Backlink audit (SEO audits)
A backlink audit within the context of a full SEO audit evaluates the quality, risk, and strategic opportunity in a site's external link profile. The audit outcome determines whether the link portfolio is an asset, a neutral factor, or a risk — and what specific actions should be taken to improve it.
Learning objectives
After completing this module, you will be able to:
- Evaluate backlink quality, risk, and opportunities within an SEO audit context.
- Identify valuable links, lost links, weak anchors, and spam patterns.
- Decide when action is needed and when continued monitoring is sufficient.
Referring domains vs backlinks
The distinction is critical. A backlink is a single link. A referring domain is a unique website that links to you. One referring domain may link to you from 500 different pages — but it still counts as one referring domain.
Always evaluate the backlink profile at the referring domain level first, then drill into specific pages for high-value sources or risky patterns.
Link authority and relevance
Authority (domain rating, domain authority) and relevance are both required for a link to have real value.
Authority without relevance: A high-DR link from an unrelated site (e.g., a finance site linking to a pet grooming business) passes some authority but limited topical relevance.
Relevance without authority: A niche blog with DR 20 that is deeply embedded in your industry and trusted by your target audience passes topical relevance and real user traffic signal.
Both: An industry publication with high authority and topical relevance is the most valuable link type.
Evaluate each referring domain on both dimensions.
Anchor text distribution
Review the anchor text used by external referring domains pointing to each key target page:
- Branded anchors should form the largest proportion.
- Exact-match keyword anchors from external sources at high concentrations are a risk.
- Generic anchors (click here, source, read more) are natural and common in editorial content.
For any page with a high proportion of exact-match keyword anchors from unrelated domains, document and monitor carefully.
Lost links
Export "lost links" from Ahrefs or Semrush. These are domains that previously linked to your site but the link is no longer active. Review:
- Why the link was lost (page deleted, content changed, domain expired?).
- Whether the linking page still exists (it may have moved the link or updated content).
- Whether the linked page on your site still exists at the same URL.
High-value lost links from relevant, authoritative sources are reclamation priorities:
- Contact the publisher to request restoration.
- If your linked page was deleted or moved, implement a redirect first.
Broken backlinks
A broken backlink points to a URL on your site that returns 404. This represents lost link equity. Fix by:
- Identify 404 URLs with inbound backlinks (Ahrefs: Best by Links → filter by 404).
- Redirect the 404 URL to the most relevant existing page.
- Equity will flow to the redirect destination.

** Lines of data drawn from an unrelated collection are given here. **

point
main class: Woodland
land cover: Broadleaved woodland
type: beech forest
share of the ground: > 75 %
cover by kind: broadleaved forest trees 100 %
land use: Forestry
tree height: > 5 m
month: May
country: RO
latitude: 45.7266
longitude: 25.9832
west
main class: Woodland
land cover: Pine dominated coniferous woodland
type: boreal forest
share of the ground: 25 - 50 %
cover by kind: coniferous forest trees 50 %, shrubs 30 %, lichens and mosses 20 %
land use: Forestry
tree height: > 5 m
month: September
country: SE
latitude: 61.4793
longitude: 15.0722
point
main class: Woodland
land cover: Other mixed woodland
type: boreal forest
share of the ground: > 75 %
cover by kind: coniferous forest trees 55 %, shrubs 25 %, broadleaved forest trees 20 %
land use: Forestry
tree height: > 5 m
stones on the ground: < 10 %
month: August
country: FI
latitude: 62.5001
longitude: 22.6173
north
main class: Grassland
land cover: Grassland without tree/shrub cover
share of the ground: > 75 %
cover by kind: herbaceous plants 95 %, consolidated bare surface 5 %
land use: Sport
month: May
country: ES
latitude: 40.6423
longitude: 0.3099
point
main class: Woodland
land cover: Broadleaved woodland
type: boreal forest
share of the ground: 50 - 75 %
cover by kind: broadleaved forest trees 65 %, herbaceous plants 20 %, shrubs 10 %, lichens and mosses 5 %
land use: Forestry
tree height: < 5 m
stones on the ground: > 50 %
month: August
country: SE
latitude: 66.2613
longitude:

Risk classification and disavow considerations
Classify each suspicious referring domain pattern:
| Risk category | Characteristics | Action |
|---|---|---|
| Safe | Relevant, editorial, real content | No action |
| Low-quality but benign | No editorial value but not manipulative | Monitor |
| Manipulative pattern | Link farm, PBN, or clear paid-link pattern | Consider for disavow with documentation |
| Spam | Completely irrelevant, automated content | Consider for disavow |
Disavow is a last resort. Do not disavow aggressively. The bar for disavowing is: documented evidence that the links are manipulative and are causing or contributing to a manual action or algorithmic suppression.
Checklist
- High-value referring domains are identified and categorized.
- Lost links are reviewed and high-value ones queued for reclamation.
- Broken linked pages (404) are identified and redirected.
- Anchor text risk is checked per target page.
- Disavow file is used only with documented justification.
Measurement
| Metric | What it tracks |
|---|---|
| High-quality referring domain count | Profile strength |
| Lost link reclamation wins | Recovery of lost equity |
| Broken backlink recovery | Technical fix impact |
| Anchor text diversity by target page | Over-optimization risk monitoring |
| Risk-tier referring domain distribution | Profile health over time |
Common mistakes
Disavowing links too aggressively. Building a long disavow file from an automated tool's "spam score" can remove real links that have value. Manual review is required.
Evaluating links only by domain authority metrics. A DR 30 industry-specific publication is often a better link than a DR 75 content farm.
Not fixing broken linked URLs. A 404 on a URL with 20 referring domains is a fixable equity loss. Prioritize redirects for pages with significant inbound link volume.
Ignoring relevance as a quality signal. An irrelevant link from a high-authority domain has limited topical relevance value. Topical match between the linking page and the linked page matters.
Focusing only on quantity. 1,000 referring domains from article directories is often worth less than 100 referring domains from genuinely relevant, editorial publishers.